Forman parte de los 254 heridos en el devastador incendio, ya controlado, que ha arrasado aldeas enteras en el centro del país y obligado a evacuar otras cuarenta. En el lugar de Várzea, uno de los más afectados por la tragedia, fallecieron catorce vecinos, seis de una misma familia -un matrimonio con dos hijos de 6 y 4 años y los abuelos de los pequeños- que fueron sorprendidos por el fuego cuando se encontraban a la mesa con una pareja amiga y su niño. Los nueve intentaron huir de las llamas en tres coches y quedaron atrapados en la estrada da morte.
 

Vanda Serrano "Vimos cómo se dividía el fuego en tres frentes y de repente estaba detrás de la casa, con mucha fuerza; parecía un fuego de artificio"

 

En su casa, la mesa puesta, lista para la comida, pone de manifiesto una triste realidad: todos estarían vivos si hubiesen permanecido en la vivienda. 

Pero fueron muchos los que decidieron atrincherarse en sus hogares y tampoco sobrevivieron a la masacre. Una pareja de octogenarios pereció abrazada en una habitación de su casa en el lugar de Moita. Una mujer de 35, Sara Costa, también falleció quemada en su domicilio, mientras que una de sus familiares, de 71, murió atropellada al huir de las llamas. 

Se trata, con diferencia, del incendio más mortífero de la historia de Portugal, acostumbrado, como Galicia, a sufrir la lacra de los fuegos forestales todos los veranos. Pero ninguno como este.

SIN TREGUA PARA LLORAR. "Fue como un volcán", asevera Armando Cruz, empleado de una empresa de telecomunicaciones que trabaja codo con codo con los bomberos y se encarga de comprobar los cables de la tensión. Su equipo se encuentra en un descanso para comer y reponer fuerzas, y no puede evitar comentar el horror que se ha quedado grabado para siempre en su retina. "Fui bombero 23 años y nunca vi nada igual. Veías el fuego allí y pasado un minuto estaba ya a tu lado", rememora este operario de 53 años con la piel de cara y cuello quemada por el sol, prueba de las interminables horas trabajadas en los últimos días en el monte para ganarle la partida a las llamas. 

Leonel Martínez 
"Me enfadé cuando llegó el coche de los bomberos y no nos ayudó porque dijeron que no tenían orden de actuar"

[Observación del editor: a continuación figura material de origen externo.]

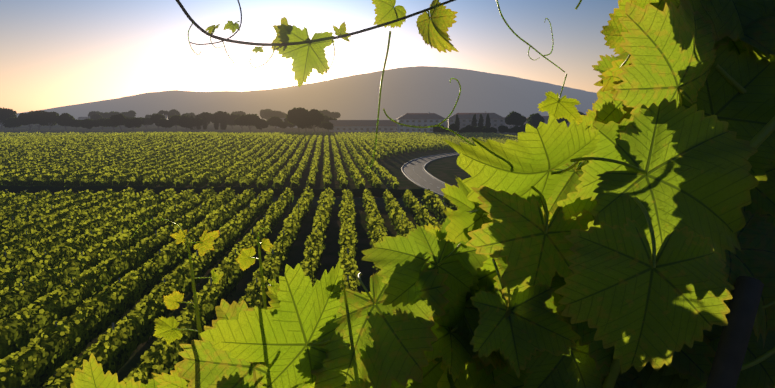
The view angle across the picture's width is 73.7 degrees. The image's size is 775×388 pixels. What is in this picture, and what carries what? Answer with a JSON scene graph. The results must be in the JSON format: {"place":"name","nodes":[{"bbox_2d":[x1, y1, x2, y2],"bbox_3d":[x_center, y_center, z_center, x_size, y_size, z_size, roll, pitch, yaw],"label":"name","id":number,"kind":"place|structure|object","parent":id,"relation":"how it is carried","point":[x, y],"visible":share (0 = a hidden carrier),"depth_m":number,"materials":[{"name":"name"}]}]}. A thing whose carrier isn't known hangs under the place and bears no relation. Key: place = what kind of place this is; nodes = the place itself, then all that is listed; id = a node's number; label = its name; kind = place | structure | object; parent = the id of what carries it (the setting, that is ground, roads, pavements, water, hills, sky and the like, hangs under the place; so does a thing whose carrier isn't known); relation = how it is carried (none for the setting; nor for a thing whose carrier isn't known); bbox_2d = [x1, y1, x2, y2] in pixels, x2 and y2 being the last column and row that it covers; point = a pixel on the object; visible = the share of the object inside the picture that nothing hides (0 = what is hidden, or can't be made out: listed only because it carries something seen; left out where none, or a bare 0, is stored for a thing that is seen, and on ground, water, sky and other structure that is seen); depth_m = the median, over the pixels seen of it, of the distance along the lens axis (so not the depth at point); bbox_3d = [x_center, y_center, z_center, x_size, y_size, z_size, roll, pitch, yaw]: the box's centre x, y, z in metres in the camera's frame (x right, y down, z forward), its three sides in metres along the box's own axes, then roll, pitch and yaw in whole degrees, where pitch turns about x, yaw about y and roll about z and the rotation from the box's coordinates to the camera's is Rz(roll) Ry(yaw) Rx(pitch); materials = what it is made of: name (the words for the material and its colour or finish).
{"place":"outdoors","nodes":[
{"label":"outdoors","id":0,"kind":"place"},
{"bbox_2d":[77,115,284,119],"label":"village house roof","id":1,"kind":"structure","parent":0,"point":[164,115],"depth_m":677.33,"materials":[{"name":"tile"}]},
{"bbox_2d":[0,120,517,387],"bbox_3d":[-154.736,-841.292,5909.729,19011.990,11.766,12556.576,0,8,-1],"label":"ground","id":2,"kind":"structure","parent":0,"point":[446,169],"depth_m":68.63,"materials":[{"name":"brown soil"}]},
{"bbox_2d":[0,185,428,197],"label":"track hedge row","id":3,"kind":"object","parent":2,"relation":"on","point":[379,192],"visible":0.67,"depth_m":73.01,"materials":[{"name":"green plant"}]},
{"bbox_2d":[5,188,444,375],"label":"trellis posts","id":4,"kind":"object","parent":2,"relation":"on","point":[113,327],"visible":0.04,"depth_m":38.86,"materials":[{"name":"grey wood"}]},
{"bbox_2d":[0,188,457,387],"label":"vine rows","id":5,"kind":"object","parent":2,"relation":"on","point":[23,338],"visible":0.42,"depth_m":30.98,"materials":[{"name":"green plant"}]},
{"bbox_2d":[0,186,456,387],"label":"vine leaves","id":6,"kind":"object","parent":5,"relation":"attached to","point":[137,308],"visible":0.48,"depth_m":35.22,"materials":[{"name":"green plant"}]},
{"bbox_2d":[0,133,517,188],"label":"vine rows","id":7,"kind":"object","parent":2,"relation":"on","point":[72,181],"visible":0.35,"depth_m":102.69,"materials":[{"name":"green plant"}]},
{"bbox_2d":[0,131,517,188],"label":"vine leaves","id":8,"kind":"object","parent":7,"relation":"on","point":[428,139],"visible":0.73,"depth_m":133.88,"materials":[{"name":"green plant"}]},
{"bbox_2d":[0,116,536,134],"bbox_3d":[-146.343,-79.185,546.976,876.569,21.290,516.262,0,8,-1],"label":"tree trunks","id":9,"kind":"object","parent":2,"relation":"on","point":[39,126],"visible":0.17,"depth_m":432.04,"materials":[{"name":"brown plant"}]},
{"bbox_2d":[0,107,584,132],"bbox_3d":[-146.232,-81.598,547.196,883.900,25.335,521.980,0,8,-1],"label":"trees","id":10,"kind":"object","parent":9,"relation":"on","point":[300,117],"visible":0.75,"depth_m":423.74,"materials":[{"name":"green plant"}]},
{"bbox_2d":[329,126,396,131],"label":"farm building walls","id":11,"kind":"structure","parent":2,"relation":"on","point":[363,127],"depth_m":405.59,"materials":[{"name":"beige paint"}]},
{"bbox_2d":[332,128,391,131],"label":"windows","id":12,"kind":"structure","parent":11,"relation":"in","point":[361,129],"depth_m":405.90,"materials":[{"name":"black glass"}]},
{"bbox_2d":[329,120,396,125],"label":"building","id":13,"kind":"structure","parent":11,"relation":"on","point":[361,123],"depth_m":407.53,"materials":[{"name":"grey"}]},
{"bbox_2d":[397,112,445,131],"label":"farm house walls","id":14,"kind":"structure","parent":2,"relation":"on","point":[421,123],"depth_m":382.30,"materials":[{"name":"beige paint"}]},
{"bbox_2d":[397,113,445,118],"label":"roof","id":15,"kind":"structure","parent":14,"relation":"on","point":[420,116],"depth_m":384.33,"materials":[{"name":"grey tile"}]},
{"bbox_2d":[400,120,443,131],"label":"windows","id":16,"kind":"structure","parent":14,"relation":"in","point":[419,125],"depth_m":382.76,"materials":[{"name":"black glass"}]},
{"bbox_2d":[401,152,459,196],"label":"road kerb","id":17,"kind":"structure","parent":2,"relation":"on","point":[427,172],"depth_m":102.07,"materials":[{"name":"grey concrete"}]},
{"bbox_2d":[130,0,774,387],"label":"vine shoots and tendrils","id":18,"kind":"object","parent":2,"relation":"on","point":[762,134],"visible":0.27,"depth_m":0.60,"materials":[{"name":"plant"}]},
{"bbox_2d":[70,353,144,387],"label":"vine leaf","id":19,"kind":"object","parent":18,"relation":"attached to","point":[91,374],"visible":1,"depth_m":0.61,"materials":[{"name":"green plant"}]},
{"bbox_2d":[123,374,160,387],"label":"vine leaf","id":20,"kind":"object","parent":18,"relation":"attached to","point":[153,383],"visible":0.4,"depth_m":0.69,"materials":[{"name":"green plant"}]},
{"bbox_2d":[153,316,182,344],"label":"vine leaf","id":21,"kind":"object","parent":18,"relation":"attached to","point":[164,327],"visible":1,"depth_m":0.62,"materials":[{"name":"plant"}]},
{"bbox_2d":[152,365,189,387],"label":"vine leaf","id":22,"kind":"object","parent":18,"relation":"attached to","point":[172,380],"visible":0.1,"depth_m":0.65,"materials":[{"name":"green plant"}]},
{"bbox_2d":[163,291,183,309],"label":"vine leaf","id":23,"kind":"object","parent":18,"relation":"attached to","point":[170,300],"visible":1,"depth_m":0.61,"materials":[{"name":"plant"}]},
{"bbox_2d":[170,229,186,243],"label":"vine leaf","id":24,"kind":"object","parent":18,"relation":"attached to","point":[180,235],"visible":1,"depth_m":0.61,"materials":[{"name":"plant"}]},
{"bbox_2d":[194,229,219,255],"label":"vine leaf","id":25,"kind":"object","parent":18,"relation":"attached to","point":[206,239],"visible":1,"depth_m":0.62,"materials":[{"name":"yellow plant"}]},
{"bbox_2d":[205,24,219,34],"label":"vine leaf","id":26,"kind":"object","parent":18,"relation":"attached to","point":[211,29],"visible":1,"depth_m":0.62,"materials":[{"name":"green plant"}]},
{"bbox_2d":[211,268,223,284],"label":"vine leaf","id":27,"kind":"object","parent":18,"relation":"attached to","point":[217,277],"visible":1,"depth_m":0.61,"materials":[{"name":"green plant"}]},
{"bbox_2d":[223,21,239,33],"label":"vine leaf","id":28,"kind":"object","parent":18,"relation":"attached to","point":[231,25],"visible":1,"depth_m":0.61,"materials":[{"name":"green plant"}]},
{"bbox_2d":[176,299,297,387],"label":"vine leaf","id":29,"kind":"object","parent":18,"relation":"attached to","point":[204,363],"visible":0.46,"depth_m":0.59,"materials":[{"name":"green plant"}]},
{"bbox_2d":[236,246,255,270],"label":"vine leaf","id":30,"kind":"object","parent":18,"relation":"attached to","point":[244,260],"visible":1,"depth_m":0.62,"materials":[{"name":"plant"}]},
{"bbox_2d":[252,46,263,53],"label":"vine leaf","id":31,"kind":"object","parent":18,"relation":"attached to","point":[256,49],"visible":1,"depth_m":0.62,"materials":[{"name":"green plant"}]},
{"bbox_2d":[261,238,273,251],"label":"vine leaf","id":32,"kind":"object","parent":18,"relation":"attached to","point":[267,245],"visible":1,"depth_m":0.62,"materials":[{"name":"plant"}]},
{"bbox_2d":[199,260,342,387],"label":"vine leaf","id":33,"kind":"object","parent":18,"relation":"attached to","point":[291,327],"visible":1,"depth_m":0.58,"materials":[{"name":"green plant"}]},
{"bbox_2d":[265,286,279,311],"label":"vine leaf","id":34,"kind":"object","parent":18,"relation":"attached to","point":[274,301],"visible":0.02,"depth_m":0.75,"materials":[{"name":"green plant"}]},
{"bbox_2d":[268,279,279,294],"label":"vine leaf","id":35,"kind":"object","parent":18,"relation":"attached to","point":[275,286],"visible":0.96,"depth_m":0.62,"materials":[{"name":"green plant"}]},
{"bbox_2d":[271,17,291,50],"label":"vine leaf","id":36,"kind":"object","parent":18,"relation":"attached to","point":[284,20],"visible":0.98,"depth_m":0.61,"materials":[{"name":"green plant"}]},
{"bbox_2d":[277,24,334,86],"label":"vine leaf","id":37,"kind":"object","parent":18,"relation":"attached to","point":[302,53],"visible":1,"depth_m":0.61,"materials":[{"name":"green plant"}]},
{"bbox_2d":[333,22,350,41],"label":"vine leaf","id":38,"kind":"object","parent":18,"relation":"attached to","point":[342,29],"visible":1,"depth_m":0.62,"materials":[{"name":"green plant"}]},
{"bbox_2d":[310,378,410,387],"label":"vine leaf","id":39,"kind":"object","parent":18,"relation":"attached to","point":[395,384],"visible":0.02,"depth_m":0.61,"materials":[{"name":"green plant"}]},
{"bbox_2d":[302,379,424,387],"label":"vine leaf","id":40,"kind":"object","parent":18,"relation":"attached to","point":[414,383],"depth_m":0.65,"materials":[{"name":"green plant"}]},
{"bbox_2d":[342,349,411,387],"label":"vine leaf","id":41,"kind":"object","parent":18,"relation":"attached to","point":[408,386],"visible":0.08,"depth_m":0.64,"materials":[{"name":"green plant"}]},
{"bbox_2d":[311,256,449,387],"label":"vine leaf","id":42,"kind":"object","parent":18,"relation":"attached to","point":[390,342],"visible":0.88,"depth_m":0.60,"materials":[{"name":"green plant"}]},
{"bbox_2d":[372,0,405,27],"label":"vine leaf","id":43,"kind":"object","parent":18,"relation":"attached to","point":[385,11],"visible":1,"depth_m":0.62,"materials":[{"name":"green plant"}]},
{"bbox_2d":[362,224,475,320],"bbox_3d":[0.034,0.095,0.622,0.110,0.126,0.039,-35,-11,-23],"label":"vine leaf","id":44,"kind":"object","parent":18,"relation":"attached to","point":[399,260],"visible":0.92,"depth_m":0.61,"materials":[{"name":"green plant"}]},
{"bbox_2d":[424,223,438,235],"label":"vine leaf","id":45,"kind":"object","parent":18,"relation":"attached to","point":[430,228],"visible":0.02,"depth_m":0.69,"materials":[{"name":"yellow plant"}]},
{"bbox_2d":[416,0,458,52],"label":"vine leaf","id":46,"kind":"object","parent":18,"relation":"attached to","point":[433,29],"visible":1,"depth_m":0.62,"materials":[{"name":"green plant"}]},
{"bbox_2d":[422,337,457,387],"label":"vine leaf","id":47,"kind":"object","parent":18,"relation":"attached to","point":[432,373],"visible":0.17,"depth_m":0.67,"materials":[{"name":"green plant"}]},
{"bbox_2d":[443,208,452,215],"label":"vine leaf","id":48,"kind":"object","parent":18,"relation":"attached to","point":[448,212],"visible":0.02,"depth_m":0.81,"materials":[{"name":"green plant"}]},
{"bbox_2d":[424,317,477,381],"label":"vine leaf","id":49,"kind":"object","parent":18,"relation":"attached to","point":[457,353],"visible":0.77,"depth_m":0.63,"materials":[{"name":"green plant"}]},
{"bbox_2d":[436,216,487,296],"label":"vine leaf","id":50,"kind":"object","parent":18,"relation":"attached to","point":[469,259],"visible":0.15,"depth_m":0.65,"materials":[{"name":"green plant"}]},
{"bbox_2d":[441,175,492,243],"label":"vine leaf","id":51,"kind":"object","parent":18,"relation":"attached to","point":[460,218],"visible":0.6,"depth_m":0.67,"materials":[{"name":"green plant"}]},
{"bbox_2d":[428,351,505,368],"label":"vine leaf","id":52,"kind":"object","parent":18,"relation":"attached to","point":[494,359],"visible":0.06,"depth_m":0.64,"materials":[{"name":"green plant"}]},
{"bbox_2d":[435,292,507,387],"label":"vine leaf","id":53,"kind":"object","parent":18,"relation":"attached to","point":[471,376],"visible":0.19,"depth_m":0.66,"materials":[{"name":"green plant"}]},
{"bbox_2d":[453,281,497,366],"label":"vine leaf","id":54,"kind":"object","parent":18,"relation":"attached to","point":[468,324],"visible":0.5,"depth_m":0.65,"materials":[{"name":"green plant"}]},
{"bbox_2d":[471,238,501,291],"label":"vine leaf","id":55,"kind":"object","parent":18,"relation":"attached to","point":[486,274],"visible":0.02,"depth_m":0.65,"materials":[{"name":"green plant"}]},
{"bbox_2d":[465,268,509,375],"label":"vine leaf","id":56,"kind":"object","parent":18,"relation":"attached to","point":[489,369],"depth_m":0.66,"materials":[{"name":"green plant"}]},
{"bbox_2d":[442,114,600,213],"bbox_3d":[0.139,-0.035,0.585,0.158,0.173,0.067,-6,52,-23],"label":"vine leaf","id":57,"kind":"object","parent":18,"relation":"attached to","point":[532,156],"visible":0.81,"depth_m":0.55,"materials":[{"name":"green plant"}]},
{"bbox_2d":[465,185,581,318],"bbox_3d":[0.142,0.071,0.521,0.159,0.147,0.026,20,-19,-15],"label":"vine leaf","id":58,"kind":"object","parent":18,"relation":"attached to","point":[523,243],"visible":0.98,"depth_m":0.52,"materials":[{"name":"green plant"}]},
{"bbox_2d":[470,283,580,378],"bbox_3d":[0.132,0.132,0.505,0.106,0.091,0.022,-11,-15,8],"label":"vine leaf","id":59,"kind":"object","parent":18,"relation":"attached to","point":[526,328],"visible":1,"depth_m":0.50,"materials":[{"name":"green plant"}]},
{"bbox_2d":[493,257,565,320],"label":"vine leaf","id":60,"kind":"object","parent":18,"relation":"attached to","point":[558,281],"visible":0.08,"depth_m":0.60,"materials":[{"name":"green plant"}]},
{"bbox_2d":[494,348,602,387],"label":"vine leaf","id":61,"kind":"object","parent":18,"relation":"attached to","point":[509,378],"depth_m":0.60,"materials":[{"name":"green plant"}]},
{"bbox_2d":[540,200,558,276],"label":"vine leaf","id":62,"kind":"object","parent":18,"relation":"attached to","point":[550,217],"visible":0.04,"depth_m":0.62,"materials":[{"name":"green plant"}]},
{"bbox_2d":[538,91,582,123],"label":"vine leaf","id":63,"kind":"object","parent":18,"relation":"attached to","point":[564,107],"visible":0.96,"depth_m":0.60,"materials":[{"name":"plant"}]},
{"bbox_2d":[522,317,614,387],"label":"vine leaf","id":64,"kind":"object","parent":18,"relation":"attached to","point":[576,368],"visible":0.48,"depth_m":0.56,"materials":[{"name":"green plant"}]},
{"bbox_2d":[541,161,597,219],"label":"vine leaf","id":65,"kind":"object","parent":18,"relation":"attached to","point":[568,183],"visible":0.35,"depth_m":0.70,"materials":[{"name":"green plant"}]},
{"bbox_2d":[557,183,581,219],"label":"vine leaf","id":66,"kind":"object","parent":18,"relation":"attached to","point":[569,199],"visible":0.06,"depth_m":0.69,"materials":[{"name":"green plant"}]},
{"bbox_2d":[577,153,590,167],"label":"vine leaf","id":67,"kind":"object","parent":18,"relation":"attached to","point":[587,155],"visible":0.02,"depth_m":0.82,"materials":[{"name":"green plant"}]},
{"bbox_2d":[576,210,594,229],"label":"vine leaf","id":68,"kind":"object","parent":18,"relation":"attached to","point":[586,218],"depth_m":0.66,"materials":[{"name":"green plant"}]},
{"bbox_2d":[577,101,595,127],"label":"vine leaf","id":69,"kind":"object","parent":18,"relation":"attached to","point":[589,117],"visible":0.08,"depth_m":0.71,"materials":[{"name":"green plant"}]},
{"bbox_2d":[555,305,639,387],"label":"vine leaf","id":70,"kind":"object","parent":18,"relation":"attached to","point":[627,384],"visible":0.08,"depth_m":0.60,"materials":[{"name":"green plant"}]},
{"bbox_2d":[574,115,633,200],"bbox_3d":[0.289,-0.050,0.634,0.123,0.162,0.030,30,14,-31],"label":"vine leaf","id":71,"kind":"object","parent":18,"relation":"attached to","point":[609,134],"visible":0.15,"depth_m":0.62,"materials":[{"name":"green plant"}]},
{"bbox_2d":[592,54,626,123],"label":"vine leaf","id":72,"kind":"object","parent":18,"relation":"attached to","point":[606,107],"visible":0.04,"depth_m":0.70,"materials":[{"name":"green plant"}]},
{"bbox_2d":[594,59,630,91],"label":"vine leaf","id":73,"kind":"object","parent":18,"relation":"attached to","point":[608,84],"depth_m":0.70,"materials":[{"name":"green plant"}]},
{"bbox_2d":[585,166,646,230],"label":"vine leaf","id":74,"kind":"object","parent":18,"relation":"attached to","point":[590,224],"depth_m":0.59,"materials":[{"name":"green plant"}]},
{"bbox_2d":[612,56,630,82],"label":"vine leaf","id":75,"kind":"object","parent":18,"relation":"attached to","point":[615,76],"depth_m":0.65,"materials":[{"name":"green plant"}]},
{"bbox_2d":[610,63,633,123],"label":"vine leaf","id":76,"kind":"object","parent":18,"relation":"attached to","point":[628,110],"visible":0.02,"depth_m":0.66,"materials":[{"name":"green plant"}]},
{"bbox_2d":[616,52,628,59],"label":"vine leaf","id":77,"kind":"object","parent":18,"relation":"attached to","point":[623,56],"visible":0.02,"depth_m":0.87,"materials":[{"name":"green plant"}]},
{"bbox_2d":[603,362,648,387],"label":"vine leaf","id":78,"kind":"object","parent":18,"relation":"attached to","point":[630,373],"visible":0.02,"depth_m":0.60,"materials":[{"name":"green plant"}]},
{"bbox_2d":[600,0,664,54],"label":"vine leaf","id":79,"kind":"object","parent":18,"relation":"attached to","point":[613,29],"visible":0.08,"depth_m":0.62,"materials":[{"name":"green plant"}]},
{"bbox_2d":[556,268,715,382],"bbox_3d":[0.284,0.142,0.571,0.162,0.174,0.039,-38,-22,-8],"label":"vine leaf","id":80,"kind":"object","parent":18,"relation":"attached to","point":[694,362],"visible":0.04,"depth_m":0.56,"materials":[{"name":"green plant"}]},
{"bbox_2d":[554,217,734,373],"bbox_3d":[0.201,0.086,0.413,0.135,0.133,0.026,1,8,4],"label":"vine leaf","id":81,"kind":"object","parent":18,"relation":"attached to","point":[628,302],"visible":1,"depth_m":0.41,"materials":[{"name":"green plant"}]},
{"bbox_2d":[635,362,688,387],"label":"vine leaf","id":82,"kind":"object","parent":18,"relation":"attached to","point":[649,375],"visible":0.02,"depth_m":0.59,"materials":[{"name":"green plant"}]},
{"bbox_2d":[612,0,715,120],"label":"vine leaf","id":83,"kind":"object","parent":18,"relation":"attached to","point":[668,49],"visible":0.85,"depth_m":0.53,"materials":[{"name":"green plant"}]},
{"bbox_2d":[591,98,758,261],"bbox_3d":[0.278,-0.001,0.491,0.150,0.176,0.063,30,-11,19],"label":"vine leaf","id":84,"kind":"object","parent":18,"relation":"attached to","point":[696,165],"visible":0.98,"depth_m":0.47,"materials":[{"name":"green plant"}]},
{"bbox_2d":[661,0,774,55],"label":"vine leaf","id":85,"kind":"object","parent":18,"relation":"attached to","point":[732,19],"visible":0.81,"depth_m":0.57,"materials":[{"name":"green plant"}]},
{"bbox_2d":[661,324,774,387],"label":"vine leaf","id":86,"kind":"object","parent":18,"relation":"attached to","point":[761,374],"visible":0.29,"depth_m":0.56,"materials":[{"name":"green plant"}]},
{"bbox_2d":[677,33,774,186],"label":"vine leaf","id":87,"kind":"object","parent":18,"relation":"attached to","point":[749,115],"visible":0.42,"depth_m":0.57,"materials":[{"name":"green plant"}]},
{"bbox_2d":[713,16,774,55],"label":"vine leaf","id":88,"kind":"object","parent":18,"relation":"attached to","point":[759,33],"visible":0.12,"depth_m":0.57,"materials":[{"name":"green plant"}]},
{"bbox_2d":[721,208,774,347],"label":"vine leaf","id":89,"kind":"object","parent":18,"relation":"attached to","point":[754,257],"visible":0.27,"depth_m":0.52,"materials":[{"name":"green plant"}]},
{"bbox_2d":[727,40,770,63],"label":"vine leaf","id":90,"kind":"object","parent":18,"relation":"attached to","point":[738,49],"depth_m":0.61,"materials":[{"name":"green plant"}]},
{"bbox_2d":[741,161,774,217],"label":"vine leaf","id":91,"kind":"object","parent":18,"relation":"attached to","point":[762,195],"visible":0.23,"depth_m":0.60,"materials":[{"name":"green plant"}]},
{"bbox_2d":[769,53,774,62],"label":"vine leaf","id":92,"kind":"object","parent":18,"relation":"attached to","point":[772,59],"visible":0.02,"depth_m":0.61,"materials":[{"name":"green plant"}]},
{"bbox_2d":[448,112,569,129],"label":"villa walls","id":93,"kind":"structure","parent":2,"relation":"on","point":[492,122],"depth_m":391.72,"materials":[{"name":"beige paint"}]},
{"bbox_2d":[448,113,548,119],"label":"villa roof","id":94,"kind":"structure","parent":93,"relation":"on","point":[471,115],"depth_m":393.57,"materials":[{"name":"grey tile"}]},
{"bbox_2d":[450,120,547,128],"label":"villa shutters","id":95,"kind":"object","parent":93,"relation":"attached to","point":[490,121],"visible":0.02,"depth_m":391.07,"materials":[{"name":"grey wood"}]},
{"bbox_2d":[705,276,763,387],"bbox_3d":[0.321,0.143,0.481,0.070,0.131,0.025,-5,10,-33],"label":"trellis stake","id":96,"kind":"object","parent":2,"relation":"in","point":[730,353],"visible":0.96,"depth_m":0.47,"materials":[{"name":"grey wood"}]},
{"bbox_2d":[15,66,597,119],"bbox_3d":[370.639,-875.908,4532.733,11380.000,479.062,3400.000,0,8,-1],"label":"mountain ridge","id":97,"kind":"structure","parent":0,"point":[419,89],"depth_m":3514.48,"materials":[{"name":"stone"}]},
{"bbox_2d":[0,0,618,112],"label":"sky","id":98,"kind":"structure","parent":0,"point":[54,53],"materials":[{"name":"white"}]},
{"bbox_2d":[176,0,455,45],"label":"vine cane","id":99,"kind":"object","parent":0,"point":[278,44],"visible":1,"depth_m":0.61,"materials":[{"name":"plant"}]},
{"bbox_2d":[403,153,458,194],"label":"road","id":100,"kind":"structure","parent":0,"point":[421,177],"depth_m":102.19,"materials":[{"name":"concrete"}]},
{"bbox_2d":[404,154,444,191],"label":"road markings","id":101,"kind":"object","parent":100,"relation":"on","point":[425,172],"visible":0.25,"depth_m":104.09,"materials":[{"name":"grey paint"}]}
]}

Un sol que sigue castigando a una población que aún no ha podido ni llorar tranquila a sus muertos, porque la amenaza del fuego sigue latente en Pedrogao Grande. De hecho, el símil del volcán resulta muy acertado. Estés donde estés puedes ver ceniza, ramas carbonizadas e inquietantes columnas de humo que manan de la tierra aquí y allá, recordando que en el subsuelo el incendio sigue vivo, alimentándose de las raíces de los árboles y dispuesto a volver a entrar en erupción en cualquier momento. "Regamos cuatro o cinco veces, pero con agua encima de la tierra y volvía a arder", narra con impotencia Leonel Martínez, un vecino de 61 años de Escalos Fundeiros, que cuatro días después de que se desatase el infierno en esa pequeña aldea de Pedrogao sigue acarreando calderos de agua para contener los esfuerzos del fuego por resurgir frente a su fábrica, salvada milagrosamente de las llamas.

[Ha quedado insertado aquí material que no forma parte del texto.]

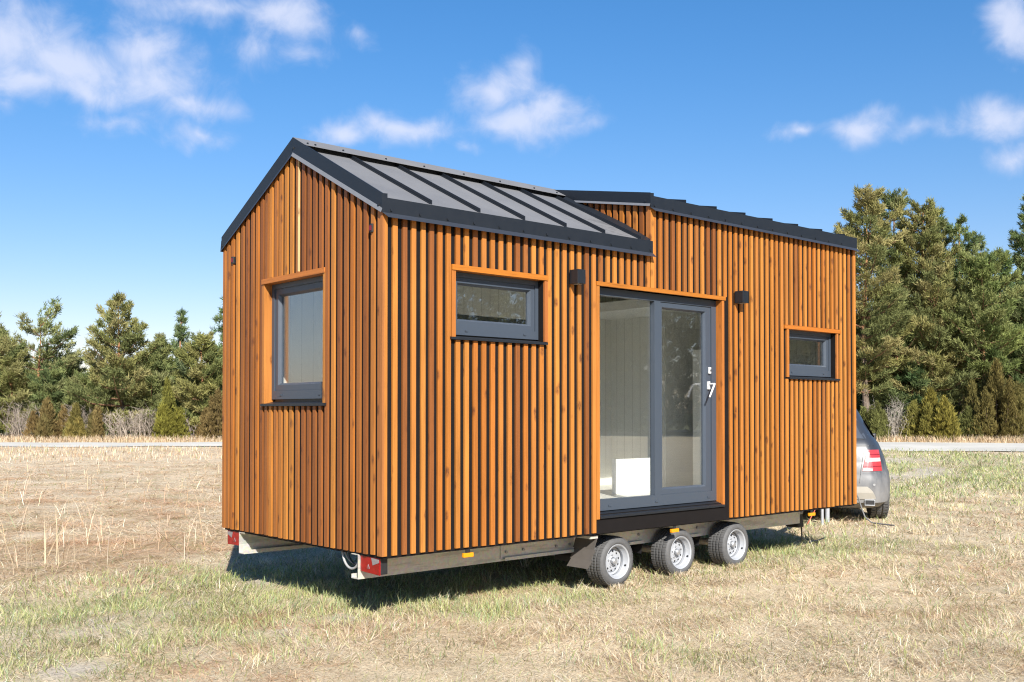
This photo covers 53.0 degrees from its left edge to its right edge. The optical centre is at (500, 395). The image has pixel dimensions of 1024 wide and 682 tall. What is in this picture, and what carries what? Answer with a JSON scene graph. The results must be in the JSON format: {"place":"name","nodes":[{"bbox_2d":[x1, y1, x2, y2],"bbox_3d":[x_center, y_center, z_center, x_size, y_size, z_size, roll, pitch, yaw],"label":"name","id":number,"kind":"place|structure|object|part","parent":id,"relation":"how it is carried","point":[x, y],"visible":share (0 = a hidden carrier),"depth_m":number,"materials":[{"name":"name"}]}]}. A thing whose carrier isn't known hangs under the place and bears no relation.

Amable y paciente hasta un punto que sorprende dadas las circunstancias, se detiene en su camino para relatar cómo vivió él la pesadilla. Y aunque se resiste a criticar la gestión del incendio, acaba por mostrar su descontento. "La manguera no daba para más y llegaron los bomberos, pero no nos ayudaron porque no tenían orden de actuar", relata, ya más resignado que enfadado. "Yo estoy vivo para contarlo y el que murió ya no cuenta nada", resume antes de recoger el cubo para proseguir, incansable, su lucha contra la tierra.